I'm trying to understand this long sentence but I am having trouble because it has apparently lots of connectors, suffixes and expressions that I am not familiar with.

아버지는 내가 티끌 정도가 아니라 움푹움푹 옹이투성이며 스스로 그 옹이들을 별로 대단치 않게 생각한다는 것을 알고는 크게 충격을 받았다.

"I was shocked to know that my father, an old man...."

I hope you can help me!

Thanks,
Louis


----------



## pcy0308

Hello Louis,
It is not "I" or the narrator who was shocked but rather "아버지," the father.
As for the word "옹이," its literal definition would be "a knot, gnarl in wood," a protuberance that sticks out on wood.
Granted the speaker is a person, I guess the use of the word is metaphorical, suggesting that his/her skin, hands (feet or any other parts of his/her body) are covered with calluses - something the speaker him/herself does not find surprising at all, unlike his/her father.

(My) father was shocked to find out not only that I was covered with calluses and but also that I was not concerned about them at all.
(My) father was shocked by my indifference to all the rough calluses covering my body.
(My) father was shocked/upset that I was not bothered by all the rough calluses covering my body.
(My) father was shocked to find out how unconcerned/disinterested I was about the rough calluses that were covering my body.

These are possible interpretations. Of course, depending on more specific context of the given citation, they may have to be edited. If there is a specific part of the above quote in Korean you do not understand, let the forum know.

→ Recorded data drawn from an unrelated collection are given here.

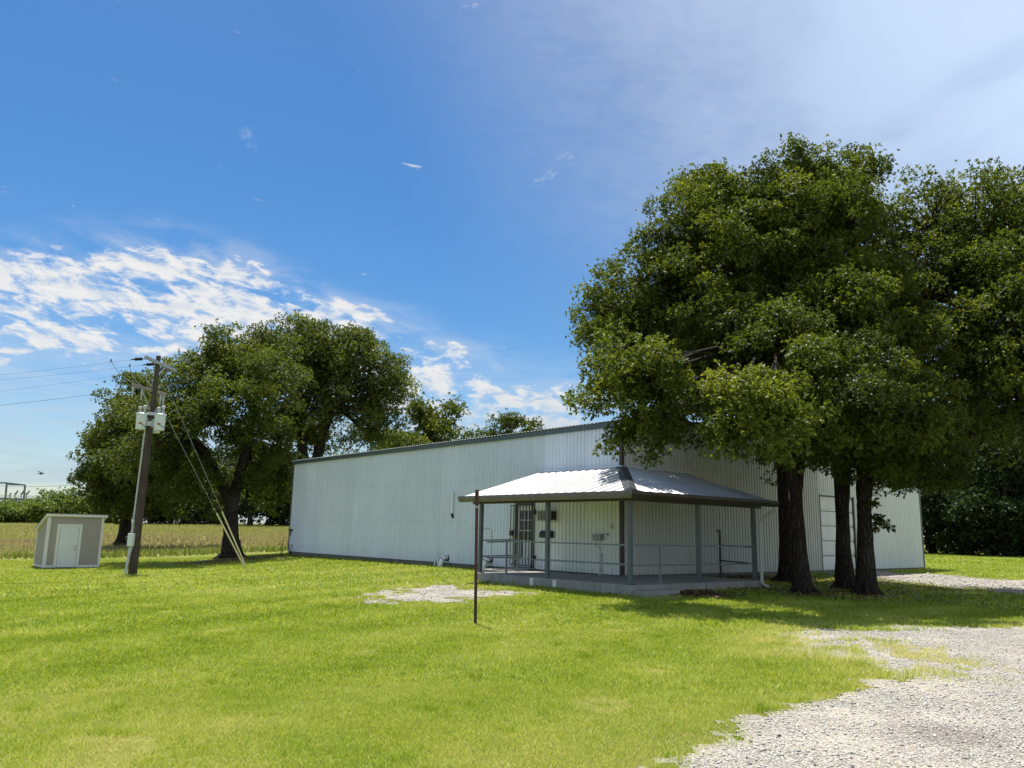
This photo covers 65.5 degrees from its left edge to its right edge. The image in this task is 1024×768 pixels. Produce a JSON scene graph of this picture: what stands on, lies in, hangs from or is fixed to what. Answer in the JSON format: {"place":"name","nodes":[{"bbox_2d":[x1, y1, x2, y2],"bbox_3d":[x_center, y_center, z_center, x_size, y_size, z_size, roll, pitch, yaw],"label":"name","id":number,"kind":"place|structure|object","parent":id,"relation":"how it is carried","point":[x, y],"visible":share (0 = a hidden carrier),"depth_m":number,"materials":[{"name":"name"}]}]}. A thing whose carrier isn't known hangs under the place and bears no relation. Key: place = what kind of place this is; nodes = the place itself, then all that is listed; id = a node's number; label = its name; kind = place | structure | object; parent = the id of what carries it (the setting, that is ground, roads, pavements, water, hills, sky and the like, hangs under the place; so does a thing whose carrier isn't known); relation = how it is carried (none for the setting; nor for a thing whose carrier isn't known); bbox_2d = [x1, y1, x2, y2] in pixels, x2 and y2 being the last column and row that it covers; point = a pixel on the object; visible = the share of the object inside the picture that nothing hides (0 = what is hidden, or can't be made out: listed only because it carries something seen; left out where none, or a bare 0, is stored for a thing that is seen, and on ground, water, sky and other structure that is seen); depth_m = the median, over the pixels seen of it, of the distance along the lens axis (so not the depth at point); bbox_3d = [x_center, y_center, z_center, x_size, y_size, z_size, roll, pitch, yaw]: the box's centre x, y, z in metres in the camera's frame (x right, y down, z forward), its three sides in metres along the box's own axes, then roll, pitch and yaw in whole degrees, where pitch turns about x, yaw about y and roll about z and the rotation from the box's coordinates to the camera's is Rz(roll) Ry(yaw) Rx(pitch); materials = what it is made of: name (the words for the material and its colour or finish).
{"place":"outdoors","nodes":[
{"label":"outdoors","id":0,"kind":"place"},
{"bbox_2d":[0,522,288,558],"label":"field grass","id":1,"kind":"structure","parent":0,"point":[11,533],"depth_m":64.93,"materials":[{"name":"yellow plant"}]},
{"bbox_2d":[0,530,1023,767],"bbox_3d":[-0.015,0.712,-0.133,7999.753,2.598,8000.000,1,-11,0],"label":"lawn ground","id":2,"kind":"structure","parent":0,"point":[372,651],"depth_m":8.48,"materials":[{"name":"green plant"}]},
{"bbox_2d":[0,482,29,505],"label":"substation frame","id":3,"kind":"object","parent":2,"relation":"on","point":[23,491],"visible":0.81,"depth_m":168.20,"materials":[{"name":"grey metal"}]},
{"bbox_2d":[13,484,80,486],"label":"distant line","id":4,"kind":"object","parent":3,"relation":"attached to","point":[35,486],"visible":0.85,"depth_m":152.52,"materials":[{"name":"grey metal"}]},
{"bbox_2d":[0,495,39,522],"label":"bush","id":5,"kind":"object","parent":2,"relation":"on","point":[7,510],"visible":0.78,"depth_m":114.67,"materials":[{"name":"green plant"}]},
{"bbox_2d":[10,500,48,522],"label":"bush","id":6,"kind":"object","parent":2,"relation":"on","point":[23,518],"visible":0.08,"depth_m":116.59,"materials":[{"name":"green plant"}]},
{"bbox_2d":[15,486,77,522],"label":"bush","id":7,"kind":"object","parent":2,"relation":"on","point":[33,506],"visible":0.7,"depth_m":114.73,"materials":[{"name":"green plant"}]},
{"bbox_2d":[40,491,87,512],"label":"bush","id":8,"kind":"object","parent":2,"relation":"on","point":[68,498],"visible":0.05,"depth_m":119.39,"materials":[{"name":"green plant"}]},
{"bbox_2d":[33,513,107,568],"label":"shed","id":9,"kind":"structure","parent":2,"relation":"on","point":[66,540],"depth_m":36.34,"materials":[{"name":"beige"}]},
{"bbox_2d":[56,527,78,566],"bbox_3d":[-20.154,7.400,36.133,0.760,1.800,0.106,10,-14,-39],"label":"door","id":10,"kind":"structure","parent":9,"relation":"in","point":[68,540],"depth_m":36.15,"materials":[{"name":"white paint"}]},
{"bbox_2d":[59,486,119,522],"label":"bush","id":11,"kind":"object","parent":2,"relation":"on","point":[76,507],"visible":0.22,"depth_m":115.02,"materials":[{"name":"green plant"}]},
{"bbox_2d":[66,469,122,522],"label":"tree","id":12,"kind":"object","parent":2,"relation":"on","point":[68,481],"visible":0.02,"depth_m":120.24,"materials":[{"name":"green plant"}]},
{"bbox_2d":[110,356,175,574],"bbox_3d":[-15.300,3.368,32.052,1.712,9.202,2.411,0,-11,6],"label":"utility pole","id":13,"kind":"object","parent":2,"relation":"on","point":[133,538],"visible":0.99,"depth_m":31.77,"materials":[{"name":"brown wood"}]},
{"bbox_2d":[6,388,138,404],"bbox_3d":[-25.640,1.034,37.600,23.821,0.323,0.014,-4,-12,26],"label":"power line","id":14,"kind":"object","parent":13,"relation":"attached to","point":[75,396],"visible":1,"depth_m":34.28,"materials":[{"name":"grey metal"}]},
{"bbox_2d":[135,405,147,429],"bbox_3d":[-14.900,1.341,32.138,0.546,1.000,0.454,1,-11,0],"label":"transformer","id":15,"kind":"object","parent":13,"relation":"attached to","point":[141,418],"visible":1,"depth_m":31.98,"materials":[{"name":"paint"}]},
{"bbox_2d":[153,410,160,433],"bbox_3d":[-14.684,1.502,32.644,0.448,1.000,0.625,-4,-12,27],"label":"transformer","id":16,"kind":"object","parent":13,"relation":"attached to","point":[156,432],"visible":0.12,"depth_m":32.53,"materials":[{"name":"paint"}]},
{"bbox_2d":[151,406,166,430],"bbox_3d":[-14.297,1.377,31.936,0.948,1.000,0.450,-3,-12,23],"label":"transformer","id":17,"kind":"object","parent":13,"relation":"attached to","point":[159,420],"visible":1,"depth_m":31.68,"materials":[{"name":"paint"}]},
{"bbox_2d":[157,399,243,565],"bbox_3d":[-12.857,4.029,32.822,4.153,7.013,0.054,7,-12,-27],"label":"guy wire","id":18,"kind":"object","parent":13,"relation":"attached to","point":[216,513],"visible":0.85,"depth_m":32.96,"materials":[{"name":"metal"}]},
{"bbox_2d":[160,370,245,565],"bbox_3d":[-12.805,3.440,32.937,4.193,8.210,0.055,7,-12,-27],"label":"guy wire","id":19,"kind":"object","parent":13,"relation":"attached to","point":[217,501],"visible":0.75,"depth_m":33.02,"materials":[{"name":"metal"}]},
{"bbox_2d":[132,486,177,523],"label":"tree","id":20,"kind":"object","parent":2,"relation":"on","point":[159,520],"visible":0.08,"depth_m":110.32,"materials":[{"name":"green plant"}]},
{"bbox_2d":[65,367,245,545],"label":"oak tree","id":21,"kind":"object","parent":2,"relation":"on","point":[103,491],"visible":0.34,"depth_m":56.57,"materials":[{"name":"green plant"}]},
{"bbox_2d":[160,438,221,524],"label":"tree","id":22,"kind":"object","parent":2,"relation":"on","point":[193,515],"visible":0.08,"depth_m":112.93,"materials":[{"name":"green plant"}]},
{"bbox_2d":[84,318,315,559],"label":"oak tree","id":23,"kind":"object","parent":2,"relation":"on","point":[241,367],"visible":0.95,"depth_m":40.71,"materials":[{"name":"green plant"}]},
{"bbox_2d":[179,448,247,523],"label":"tree","id":24,"kind":"object","parent":2,"relation":"on","point":[221,456],"visible":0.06,"depth_m":122.22,"materials":[{"name":"green plant"}]},
{"bbox_2d":[217,441,291,525],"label":"tree","id":25,"kind":"object","parent":2,"relation":"on","point":[243,507],"visible":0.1,"depth_m":110.84,"materials":[{"name":"green plant"}]},
{"bbox_2d":[254,449,297,525],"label":"tree","id":26,"kind":"object","parent":2,"relation":"on","point":[275,520],"visible":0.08,"depth_m":113.72,"materials":[{"name":"green plant"}]},
{"bbox_2d":[221,309,423,552],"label":"oak tree","id":27,"kind":"object","parent":2,"relation":"on","point":[328,360],"visible":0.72,"depth_m":47.77,"materials":[{"name":"green plant"}]},
{"bbox_2d":[371,427,435,448],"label":"oak tree","id":28,"kind":"object","parent":2,"relation":"on","point":[405,439],"visible":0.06,"depth_m":54.64,"materials":[{"name":"green plant"}]},
{"bbox_2d":[366,392,471,450],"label":"oak tree","id":29,"kind":"object","parent":2,"relation":"on","point":[430,421],"visible":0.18,"depth_m":61.44,"materials":[{"name":"green plant"}]},
{"bbox_2d":[343,585,534,603],"bbox_3d":[-1.758,5.029,19.111,4.195,0.115,5.635,-4,-12,26],"label":"gravel patch","id":30,"kind":"object","parent":2,"relation":"on","point":[440,588],"visible":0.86,"depth_m":19.20,"materials":[{"name":"grey gravel"}]},
{"bbox_2d":[474,490,478,623],"bbox_3d":[-0.630,3.094,13.938,0.067,2.459,0.124,-7,-13,38],"label":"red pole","id":31,"kind":"object","parent":2,"relation":"on","point":[476,551],"visible":0.92,"depth_m":13.94,"materials":[{"name":"metal"}]},
{"bbox_2d":[458,408,530,439],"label":"oak tree","id":32,"kind":"object","parent":2,"relation":"on","point":[509,421],"visible":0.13,"depth_m":77.96,"materials":[{"name":"green plant"}]},
{"bbox_2d":[519,416,544,431],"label":"oak tree","id":33,"kind":"object","parent":2,"relation":"on","point":[534,423],"visible":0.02,"depth_m":80.35,"materials":[{"name":"green plant"}]},
{"bbox_2d":[115,554,1015,603],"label":"leaf litter","id":34,"kind":"object","parent":2,"relation":"on","point":[690,592],"visible":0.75,"depth_m":21.92,"materials":[{"name":"brown plant"}]},
{"bbox_2d":[287,420,924,576],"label":"metal building","id":35,"kind":"structure","parent":2,"relation":"on","point":[393,505],"depth_m":28.54,"materials":[{"name":"grey metal"}]},
{"bbox_2d":[438,555,448,566],"bbox_3d":[-2.509,6.585,29.161,0.446,0.623,0.212,8,-13,-33],"label":"drain pipe","id":36,"kind":"object","parent":35,"relation":"attached to","point":[443,559],"visible":0.89,"depth_m":29.09,"materials":[{"name":"white plastic"}]},
{"bbox_2d":[450,492,453,517],"bbox_3d":[-2.188,4.479,29.430,0.187,0.977,0.125,6,-12,-25],"label":"vent pipe","id":37,"kind":"object","parent":35,"relation":"attached to","point":[452,503],"visible":1,"depth_m":29.38,"materials":[{"name":"white plastic"}]},
{"bbox_2d":[482,558,492,570],"bbox_3d":[-0.867,6.232,27.241,0.455,0.679,0.226,8,-13,-34],"label":"drain pipe","id":38,"kind":"object","parent":35,"relation":"attached to","point":[486,561],"visible":0.66,"depth_m":27.16,"materials":[{"name":"white plastic"}]},
{"bbox_2d":[518,505,533,566],"bbox_3d":[0.465,5.015,26.271,0.095,2.000,0.860,10,-14,-39],"label":"entrance door","id":39,"kind":"structure","parent":35,"relation":"in","point":[520,511],"depth_m":26.31,"materials":[{"name":"white paint"}]},
{"bbox_2d":[537,510,556,521],"bbox_3d":[1.109,4.184,25.286,0.335,0.360,0.627,10,-14,-39],"label":"air conditioner","id":40,"kind":"object","parent":35,"relation":"attached to","point":[541,515],"visible":0.72,"depth_m":25.15,"materials":[{"name":"beige plastic"}]},
{"bbox_2d":[539,531,554,537],"bbox_3d":[1.111,4.784,25.311,0.135,0.230,0.601,10,-14,-40],"label":"mailbox","id":41,"kind":"object","parent":35,"relation":"attached to","point":[542,534],"visible":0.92,"depth_m":25.30,"materials":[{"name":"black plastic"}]},
{"bbox_2d":[592,534,602,574],"bbox_3d":[2.542,5.040,23.520,0.159,1.193,0.320,10,-14,-39],"label":"electrical box","id":42,"kind":"object","parent":35,"relation":"attached to","point":[597,537],"visible":0.94,"depth_m":23.48,"materials":[{"name":"grey metal"}]},
{"bbox_2d":[820,496,855,569],"bbox_3d":[12.618,5.809,30.901,2.530,2.776,0.050,10,-14,-39],"label":"garage door","id":43,"kind":"structure","parent":35,"relation":"in","point":[828,519],"depth_m":30.54,"materials":[{"name":"white metal"}]},
{"bbox_2d":[458,465,778,598],"bbox_3d":[2.537,4.269,23.408,6.232,3.702,8.759,10,-14,-40],"label":"porch","id":44,"kind":"object","parent":2,"relation":"on","point":[629,484],"visible":0.85,"depth_m":21.47,"materials":[{"name":"metal"}]},
{"bbox_2d":[544,570,597,574],"bbox_3d":[1.655,5.727,24.226,0.356,0.035,2.303,10,-14,-39],"label":"hose","id":45,"kind":"object","parent":44,"relation":"on","point":[572,572],"visible":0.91,"depth_m":24.06,"materials":[{"name":"black plastic"}]},
{"bbox_2d":[560,163,858,595],"bbox_3d":[5.414,-0.919,21.581,8.502,13.324,10.420,1,-11,0],"label":"oak tree","id":46,"kind":"object","parent":2,"relation":"on","point":[641,329],"visible":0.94,"depth_m":21.00,"materials":[{"name":"green plant"}]},
{"bbox_2d":[601,254,818,582],"bbox_3d":[7.484,0.102,26.796,10.716,13.111,5.947,6,-12,-23],"label":"oak tree","id":47,"kind":"object","parent":2,"relation":"on","point":[784,572],"visible":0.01,"depth_m":24.99,"materials":[{"name":"green plant"}]},
{"bbox_2d":[667,131,927,589],"bbox_3d":[8.766,-0.865,24.747,7.694,14.447,6.381,-5,-12,29],"label":"oak tree","id":48,"kind":"object","parent":2,"relation":"on","point":[828,201],"visible":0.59,"depth_m":23.46,"materials":[{"name":"green plant"}]},
{"bbox_2d":[763,262,1023,595],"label":"oak tree","id":49,"kind":"object","parent":2,"relation":"on","point":[895,426],"visible":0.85,"depth_m":20.48,"materials":[{"name":"green plant"}]},
{"bbox_2d":[870,156,1023,471],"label":"oak tree","id":50,"kind":"object","parent":2,"relation":"on","point":[977,269],"visible":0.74,"depth_m":24.15,"materials":[{"name":"green plant"}]},
{"bbox_2d":[921,489,986,554],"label":"tree","id":51,"kind":"object","parent":2,"relation":"on","point":[930,547],"visible":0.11,"depth_m":71.14,"materials":[{"name":"green plant"}]},
{"bbox_2d":[920,446,1015,555],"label":"tree","id":52,"kind":"object","parent":2,"relation":"on","point":[953,534],"visible":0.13,"depth_m":68.14,"materials":[{"name":"green plant"}]},
{"bbox_2d":[921,424,1023,554],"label":"tree","id":53,"kind":"object","parent":2,"relation":"on","point":[923,514],"visible":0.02,"depth_m":70.55,"materials":[{"name":"green plant"}]},
{"bbox_2d":[931,425,1023,555],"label":"tree","id":54,"kind":"object","parent":2,"relation":"on","point":[1019,488],"visible":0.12,"depth_m":67.30,"materials":[{"name":"green plant"}]},
{"bbox_2d":[936,430,1023,556],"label":"tree","id":55,"kind":"object","parent":2,"relation":"on","point":[1003,517],"visible":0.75,"depth_m":64.58,"materials":[{"name":"green plant"}]},
{"bbox_2d":[0,0,1023,536],"label":"sky","id":56,"kind":"structure","parent":0,"point":[440,178],"materials":[{"name":"blue"}]},
{"bbox_2d":[494,569,531,570],"bbox_3d":[-0.001,5.925,25.362,0.620,0.014,1.300,10,-14,-39],"label":"door mat","id":57,"kind":"object","parent":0,"point":[512,570],"depth_m":25.10,"materials":[{"name":"black plastic"}]},
{"bbox_2d":[349,570,1023,767],"bbox_3d":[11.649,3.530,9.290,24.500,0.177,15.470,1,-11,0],"label":"gravel driveway","id":58,"kind":"structure","parent":0,"point":[842,737],"depth_m":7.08,"materials":[{"name":"grey gravel"}]},
{"bbox_2d":[833,571,1023,593],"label":"gravel yard","id":59,"kind":"structure","parent":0,"point":[956,581],"depth_m":27.24,"materials":[{"name":"grey gravel"}]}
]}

Hope this helps!


----------



## *Louis*

pcy0308 said:


> Hello Louis,
> It is not "I" or the narrator who was shocked but rather "아버지," the father.
> As for the word "옹이," its literal definition would be "a knot, gnarl in wood," a protuberance that sticks out on wood.
> Granted the speaker is a person, I guess the use of the word is metaphorical, suggesting that his/her skin, hands (feet or any other parts of his/her body) are covered with calluses - something the speaker him/herself does not find surprising at all, unlike his/her father.
> 
> (My) father was shocked to find out not only that I was covered with calluses and but also that I was not concerned about them at all.
> (My) father was shocked by my indifference to all the rough calluses covering my body.
> (My) father was shocked/upset that I was not bothered by all the rough calluses covering my body.
> (My) father was shocked to find out how unconcerned/disinterested I was about the rough calluses that were covering my body.
> 
> These are possible interpretations. Of course, depending on more specific context of the given citation, they may have to be edited. If there is a specific part of the above quote in Korean you do not understand, let the forum know. Hope this helps!


Thank you pcy0308 for the explanation! Now it is a bit clearer! I'll let you know if I need more help. Thanks again!


----------